If the [OpenFold alignment database](OpenFold_Training_Setup.md#2-creating-alignment-dbs-optional) setup is used, the training command will instead look like this: 


#### Additional command line flag options:

Here we provide brief descriptions for customizing your training run of OpenFold. A full description of all flags can be accessed by using the `--help` option in the script 

- **Use Deepspeed acceleration strategy:** `--deepspeed_config` This option configures OpenFold to use custom Deepspeed kernels.

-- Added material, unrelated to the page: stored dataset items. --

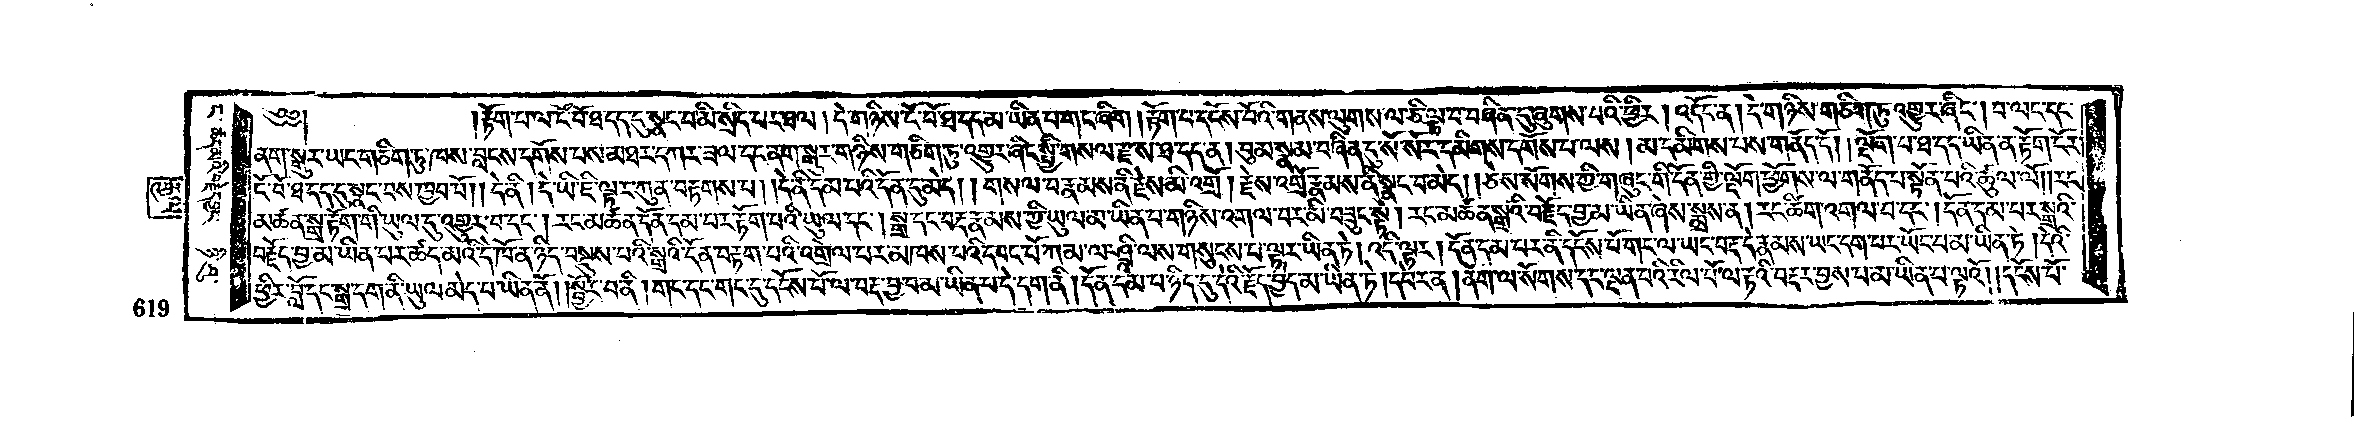༄༅། །རྟོག་པ་ལ་ངོ་བོ་ཐ་དད་དུ་མི་སྲིད་པར་ཐལ། །དེ་གཉིས་ངོ་བོ་ཐ་དད་མ་ཡིན་པ་གང་ཞིག །རྟོག་པ་དངོས་པོའི་གནས་ལུགས་ལ་ཅི་ལྟ་བ་བཞིན་དུ་བཞུགས་པའི་ཕྱིར། འདོད་ན། དེ་གཉིས་གཅིག་ཏུ་འགྱུར་ཞིང་། བ་ལང་དང་
ནག་སྒུར་ཡང་གཅིག་ཏུ་ཁས་བླངས་པས་མཐར་དཀར་ཟལ་དང་ནག་སྒུར་གཉིས་གཅིག་ཏུ་འགྱུར་ཞིང་སྤྱི་གསལ་རྫས་ཐ་དད་ན། བུམ་སྣམ་བཞིན་དུ་སོ་སོར་དམིགས་དགོས་པ་ལས། མ་དམིགས་པས་གནོད་དོ། །ལྡོག་པ་ཐ་དད་ཡིན་ན་རྟོག་ངོར་
ངོ་བོ་ཐ་དད་དུ་སྣང་བས་ཁྱབ་བོ། །དེ་ཡི་ཇི་ལྟར་ཀུན་བརྟགས་པ། །དེ་ནི་དམ་པའི་དོན་དུ་མེད། །གསལ་བ་རྣམས་ནི་རྗེས་མི་འགྲོ། རྗེས་འགྲོ་རྣམས་ནི་སྣང་བ་མེད། །ཅེས་སོགས་ཀྱི་གཞུང་གི་དོན་གྱི་ལྡོག་ཕྱོགས་ལ་གནོད་པ་སྟོན་པའི་ཚུལ་ལོ། །རང་
མཚན་སྒྲ་རྟོག་གི་ཡུལ་དུ་འགྱུར་བ་དང་། རང་མཚན་དོན་དམ་པར་རྟོག་པའི་ཡུལ་དང་། སྒྲ་དང་བརྡ་རྣམས་ཀྱི་ཡུལ་མ་ཡིན་པ་གཉིས་འགལ་བར་མི་བཟུང་སྟེ། རང་བཞིན་སྒྲའི་བརྗོད་བྱ་མ་ཡིན་ཞེས་སྨྲས་ན། རང་ཚིག་འགལ་བ་དང་། དོན་དམ་པར་སྒྲའི་
བརྗོད་བྱ་མ་ཡིན་པར་ཚད་མའི་དེ་ཁོ་ན་ཉིད་བསྡུས་པའི་དོན་བརྟག་པའི་འགྲེལ་པར་མཁས་པའི་དབང་པོ་ཀ་མ་ལ་ཤྲཱི་ལས་གསུངས་པ་ལྟར་ཡིན་ཏེ། འདི་ལྟར། དོན་དམ་པར་དངོས་པོ་གང་ལ་ཡང་བརྡ་དེ་རྣམས་ཡང་དག་པར་ཡོང་བ་མ་ཡིན་ཏེ། དེའི་
ཕྱིར་བློ་དང་སྒྲ་དག་ནི་ཡུལ་མེད་པ་ཡིན་ནོ། །སྦྱོར་བ་ནི། གང་དང་གང་དུ་དངོས་པོ་ལ་བརྡ་བྱ་བ་མ་ཡིན་པ་དེ་དག་ནི། དོན་དམ་པ་ཉིད་དུ་དེའི་རྗོད་བྱེད་མ་ཡིན་ཏེ། དཔེར་ན། ནག་ལ་སོགས་དང་ལྡན་པའི་རིལ་པོ་ལ་རྟའི་བརྡར་བྱས་པ་མ་ཡིན་པ་ལྟའོ། །དངོས་པོ་

This option requires a deepspeed_config.json, you can create your own, or use the one in the OpenFold directory 

- **Use a validation dataset:** Specify validation database paths with `--val_data_dir` + `--val_alignment_dir`. Validation metrics will be evaluated on these datasets.

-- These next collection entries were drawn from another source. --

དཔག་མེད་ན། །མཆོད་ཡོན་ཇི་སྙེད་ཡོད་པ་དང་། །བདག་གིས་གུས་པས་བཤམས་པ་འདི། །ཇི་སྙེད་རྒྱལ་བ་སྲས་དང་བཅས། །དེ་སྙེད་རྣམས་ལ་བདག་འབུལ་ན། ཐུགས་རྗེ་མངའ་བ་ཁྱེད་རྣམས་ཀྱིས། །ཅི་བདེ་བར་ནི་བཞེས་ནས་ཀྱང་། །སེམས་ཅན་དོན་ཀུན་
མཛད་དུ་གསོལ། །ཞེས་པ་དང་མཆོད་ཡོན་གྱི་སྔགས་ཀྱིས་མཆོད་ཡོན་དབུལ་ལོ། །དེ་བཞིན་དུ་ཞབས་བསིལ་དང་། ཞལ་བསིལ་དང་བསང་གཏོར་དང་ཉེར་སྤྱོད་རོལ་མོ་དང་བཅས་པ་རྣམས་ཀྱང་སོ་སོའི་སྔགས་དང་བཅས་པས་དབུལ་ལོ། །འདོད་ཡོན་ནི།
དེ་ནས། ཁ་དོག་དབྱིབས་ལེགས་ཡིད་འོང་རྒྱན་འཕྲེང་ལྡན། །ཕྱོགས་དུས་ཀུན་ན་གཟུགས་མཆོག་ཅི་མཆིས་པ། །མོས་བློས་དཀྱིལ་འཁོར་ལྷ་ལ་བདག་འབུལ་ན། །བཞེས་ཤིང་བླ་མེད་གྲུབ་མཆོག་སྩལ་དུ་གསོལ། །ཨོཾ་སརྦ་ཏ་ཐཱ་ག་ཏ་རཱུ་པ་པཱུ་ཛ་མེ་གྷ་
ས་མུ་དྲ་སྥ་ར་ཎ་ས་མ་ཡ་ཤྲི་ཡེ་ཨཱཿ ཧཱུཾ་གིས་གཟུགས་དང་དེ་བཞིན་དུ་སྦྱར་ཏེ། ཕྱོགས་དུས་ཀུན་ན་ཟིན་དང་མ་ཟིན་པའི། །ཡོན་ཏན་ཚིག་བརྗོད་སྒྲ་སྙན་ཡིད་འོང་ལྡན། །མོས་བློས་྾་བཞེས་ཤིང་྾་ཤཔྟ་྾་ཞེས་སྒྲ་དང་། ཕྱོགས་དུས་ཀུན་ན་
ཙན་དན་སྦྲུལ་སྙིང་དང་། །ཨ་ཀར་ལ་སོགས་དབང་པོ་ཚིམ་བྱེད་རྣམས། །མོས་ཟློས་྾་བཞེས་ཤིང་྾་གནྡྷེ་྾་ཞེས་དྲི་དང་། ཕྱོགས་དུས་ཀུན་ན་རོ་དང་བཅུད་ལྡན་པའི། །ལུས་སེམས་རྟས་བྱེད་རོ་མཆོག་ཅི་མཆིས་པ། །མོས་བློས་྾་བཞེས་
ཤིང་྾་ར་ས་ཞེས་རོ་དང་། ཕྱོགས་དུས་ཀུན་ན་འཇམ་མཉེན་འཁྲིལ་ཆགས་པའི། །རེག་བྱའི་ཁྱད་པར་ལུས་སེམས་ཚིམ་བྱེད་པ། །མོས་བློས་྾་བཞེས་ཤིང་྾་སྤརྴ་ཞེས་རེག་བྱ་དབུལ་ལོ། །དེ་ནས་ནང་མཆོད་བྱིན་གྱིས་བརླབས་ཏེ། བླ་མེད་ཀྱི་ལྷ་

- **Use a self-distillation dataset:**  Specify paths with `--distillation_data_dir` and `--distillation_alignment_dir` flags

- **Change specific parameters in the model or data setup:**  `--experiment_config_json`. These parameters must be defined in the [`openfold/config.py`](https://github.com/aqlaboratory/openfold/blob/main/openfold/config.py). For example to change the crop size for training a model, you can write the following json:
	```cropsize.json
	{
			"data.train.crop_size": 128
	}
	```

- **Configure training settings with PyTorch Lightning** 
	
	Some flags e.g. `--precision`, `--max_epochs` configure training behavior. See the Pytorch Lightning Trainer args section in the `--help`  menu for more information and consult [Pytorch lightning documentation](https://lightning.ai/docs/pytorch/stable/)
	
	- Precision: On A100s, OpenFold training works best with bfloat 16 precision (e.g. `--precision bf16-mixed`) 
	
- **Restart training from an existing checkpoint:** Use the `--resume_from_ckpt` to restart training from an existing checkpoint.

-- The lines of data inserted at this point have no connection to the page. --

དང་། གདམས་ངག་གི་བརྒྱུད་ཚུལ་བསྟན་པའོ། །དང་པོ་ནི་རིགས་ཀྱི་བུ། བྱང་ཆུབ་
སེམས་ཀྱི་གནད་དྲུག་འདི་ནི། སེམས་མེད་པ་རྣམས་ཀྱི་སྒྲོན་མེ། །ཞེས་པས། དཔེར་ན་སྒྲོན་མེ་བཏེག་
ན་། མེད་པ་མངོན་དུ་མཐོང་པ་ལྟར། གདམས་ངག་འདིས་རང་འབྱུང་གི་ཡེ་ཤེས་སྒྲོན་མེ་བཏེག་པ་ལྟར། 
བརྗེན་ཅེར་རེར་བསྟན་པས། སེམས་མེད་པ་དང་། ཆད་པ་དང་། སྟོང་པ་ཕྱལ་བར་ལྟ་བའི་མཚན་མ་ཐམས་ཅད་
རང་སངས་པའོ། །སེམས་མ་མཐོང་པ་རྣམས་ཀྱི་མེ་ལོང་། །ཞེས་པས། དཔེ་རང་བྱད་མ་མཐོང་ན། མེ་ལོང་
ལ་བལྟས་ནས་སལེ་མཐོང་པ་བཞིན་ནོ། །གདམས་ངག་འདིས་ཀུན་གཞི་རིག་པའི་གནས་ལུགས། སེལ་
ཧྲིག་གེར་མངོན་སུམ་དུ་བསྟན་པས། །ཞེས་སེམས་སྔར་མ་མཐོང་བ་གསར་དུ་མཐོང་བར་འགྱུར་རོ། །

## Advanced Training Configurations 

### Training OpenFold Multimer 

At this time, we do not have a multimer training set available. To prepare your own multimer training set, please see the instructions at [Data Processing - multimer] 

The basic command for training a multimer model is then:

```
multimer training command here
```

The key differences are:
- Dataset configuration / preparation

### Fine tuning from existing model weights 

If you have existing model weights, you can fine tune the model using the following command:

```
python3 train_openfold.py mmcif_dir/ alignment_dir/ template_mmcif_dir/ $OUTPUT_DIR \
    --max_template_date 2021-10-10 \ 
    --train_chain_data_cache_path chain_data_cache.json \
    --template_release_dates_cache_path mmcif_cache.json \ 
	--config_preset finetuning \
    --seed 4242022 \
    --obsolete_pdbs_file_path obsolete.dat \
    --num_nodes 1 \
    --gpus 4 \
    --num_workers 4 \
	--resume_from_ckpt $CHECKPOINT_PATH
	--resume_model_weights_only
```

If you have model parameters from OpenFold v1.x, you may need to convert your checkpoint file or parameter. See [[Converting OpenFold v1 Weights]]  

### Using MPI

If MPI is configured on your system, and you would like to use MPI to train OpenFold models, you may do so with the following step:

 1. Add the `mpi4py` package, which are available through pip and conda. Please see [mpi4py documentation](https://pypi.org/project/mpi4py/) for more instructions on installation.
2. Add the `--mpi_plugin` flag to your training command.


## Troubleshooting FAQ

My model training is hanging on the data loading step:
	 While each system is different, a few general suggestions:
		 Check your `$KMP_AFFINITY` environment setting
		 Adjust the number of data workers used to prepare data with the `--num_workers` setting. Increasing the number could help with dataset processing speed. However, to many workers could cause an OOM issue. 

When I reload my pretrained model weights or checkpoints, I get `RuntimeError: Error(s) in loading state_dict for OpenFoldWrapper: Unexpected key(s) in state_dict:`
	This suggests that your checkpoint / model weights are in OpenFold v1 format with outdated model layer names. Convert your weights/checkpoints following [this guide](convert_of_v1_weights.md).